AESTHETICS MUSINGS
Greetings to all,
With gratitude for your encouragement, I've started sketching out something on aesthetics. The impetus was a wish to respond to an important radio show put on by one host of our community radio program: Bramble On on Fridays, between 11 and 12 on KMRD.FM.
Advice and thoughts will be welcome.
Trevor
As before, I greatly enjoy listening to Bramble On on KMRD today from 11 to 12. And am gratified that it dealt thoroughly (from its viewpoint) on aesthetics, a subject so dear to me.
I made a few quick notes, hoping I can get more into the subject later.
My window into the environment was based on aesthetics. When I returned to Jamaica after seven years of one type of art school, then another, I was convinced beyond the shadow of a doubt, that everything was wrong. They were cutting down trees and tearing down houses, replacing the latter with sharp-edged blocky highrises. No one else was nearly, or at all, concerned the way I was. The difference is that I was trained to see more, I had travelled to Europe and gotten my mental wiring transformed by seeing so much beauty.
But architecture wasn't separate from the natural landscape. Although I had zero training about plants, I could see that a very integrated and deep beauty was being removed and replaced by monoculture non native species. The latter was what I'd call a false aesthetic. It had to do with destructive ideas of merchantilism, growth, expedience, blindness (where you don't see the landscape but only can calculate in hard, left brain ways, how to make money from it).
So I would hesitate to make a distinction between aesthetics and practicality. There is always aesthetics; you can't get away from it anymore than you can from air to breathe. There's the aesthetics of life and the aesthetics of death, and a considerable muddle in between.

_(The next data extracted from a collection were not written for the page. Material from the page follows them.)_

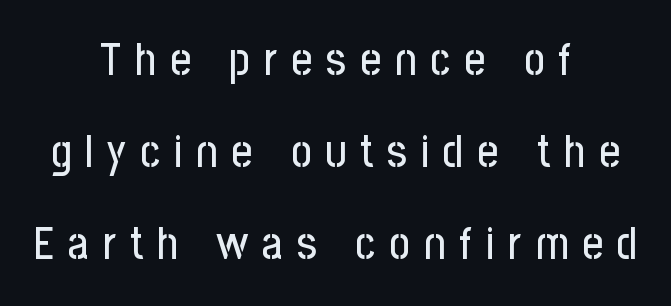
The string is rendered with underlining switched off. Examine the stroke ends and you'll find no serifs. Ascenders rise straight up at ninety degrees. Here the designer chose a conventional face with non-uniform glyph widths. The line texture is sparse and dotted thanks to wide tracking. Successive baselines arrive slowly, with a big drop between each.
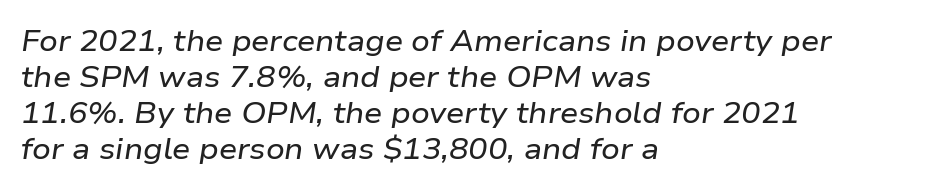
The image shows 29 px wide type, italic (leaning right); set left-aligned, line spacing 1.24x, normal letter spacing, not underlined; low stroke contrast and a medium x-height.
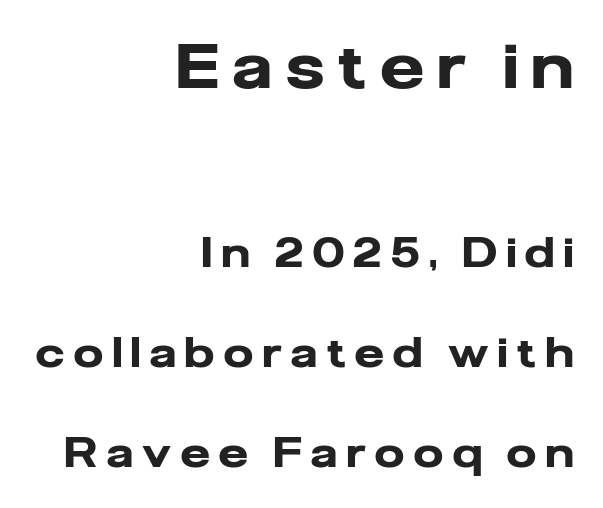
Typeset ragged left — the right edge is the straight one. The specimen reads as upright at a glance. The rendering shows plain stroke endings on the letterforms — a sans-serif design. The passage shown is typed in a proportional face where columns would drift. The earlier block is typeset at a bigger size than the later block.
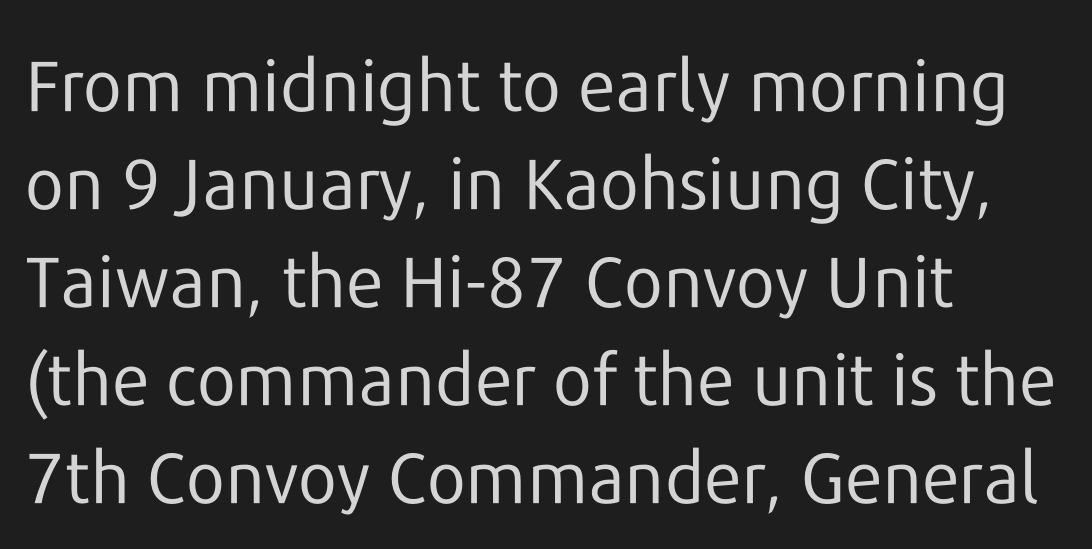
The image shows 71 px regular-weight sans-serif type, upright; set left-aligned, normal line spacing (1.38x), normal letter spacing, not underlined; low stroke contrast and a medium x-height.

Another way I look at aesthetics is openpenness to the world around you: visual appearance, sound, movement. Hunter and gatherers must rely greatly on aesthetics to know when or what to hunt, when to move, when plants do what. I hold that aesthetics are a means of survival
What matters most to me are the little incremental hurts to scenic character along the Turquoise Trail. Things like sculpture right against the road to remind viewers how clever humans are, and why nature can't catch a break away from them. Why do we need human artifacts when the natural landscape does something wonderous in terms of complexity--who could ever fathom the complex undulation of planes along the route from here to the city? Where else could we get a sense of infinite space without losing access to the infinitely small? Isn't human sculpture just a stale and limited thing by comparison? Isn't building on such land--because it's your legal right--not just a violation of nature's aesthetics, and replacing it with a false aesthetics around human sense of entitlement?
We must remember that If you are surrounded by nature where you live, Madroids have no other way to be in nature other than driving through this landscape that is relatively unfettered. And other people driving through might have even more need for this scenery.
So I don't see concern about the Turquoise Trail as being a preoccupation with aesthetics. Neither is it just a spiritual necessity for the inner joy and peace of people; it's also about our relationship to the land.
Can nature catch a break, and left just to BE?
Many other points there isn't time for now involve:
- consider aesthetics are about relationships. There might not be a distinction as in saying it is different from that
- collectives thinking vs individualism
- Madrid is a wood place
- status and aesthetics
- the politics of aesthetics
- principles that underline and guide the work
- the visual underline as stabilizing elements
- syllogisms --creating separations that are the product of a mental framework, and baseless.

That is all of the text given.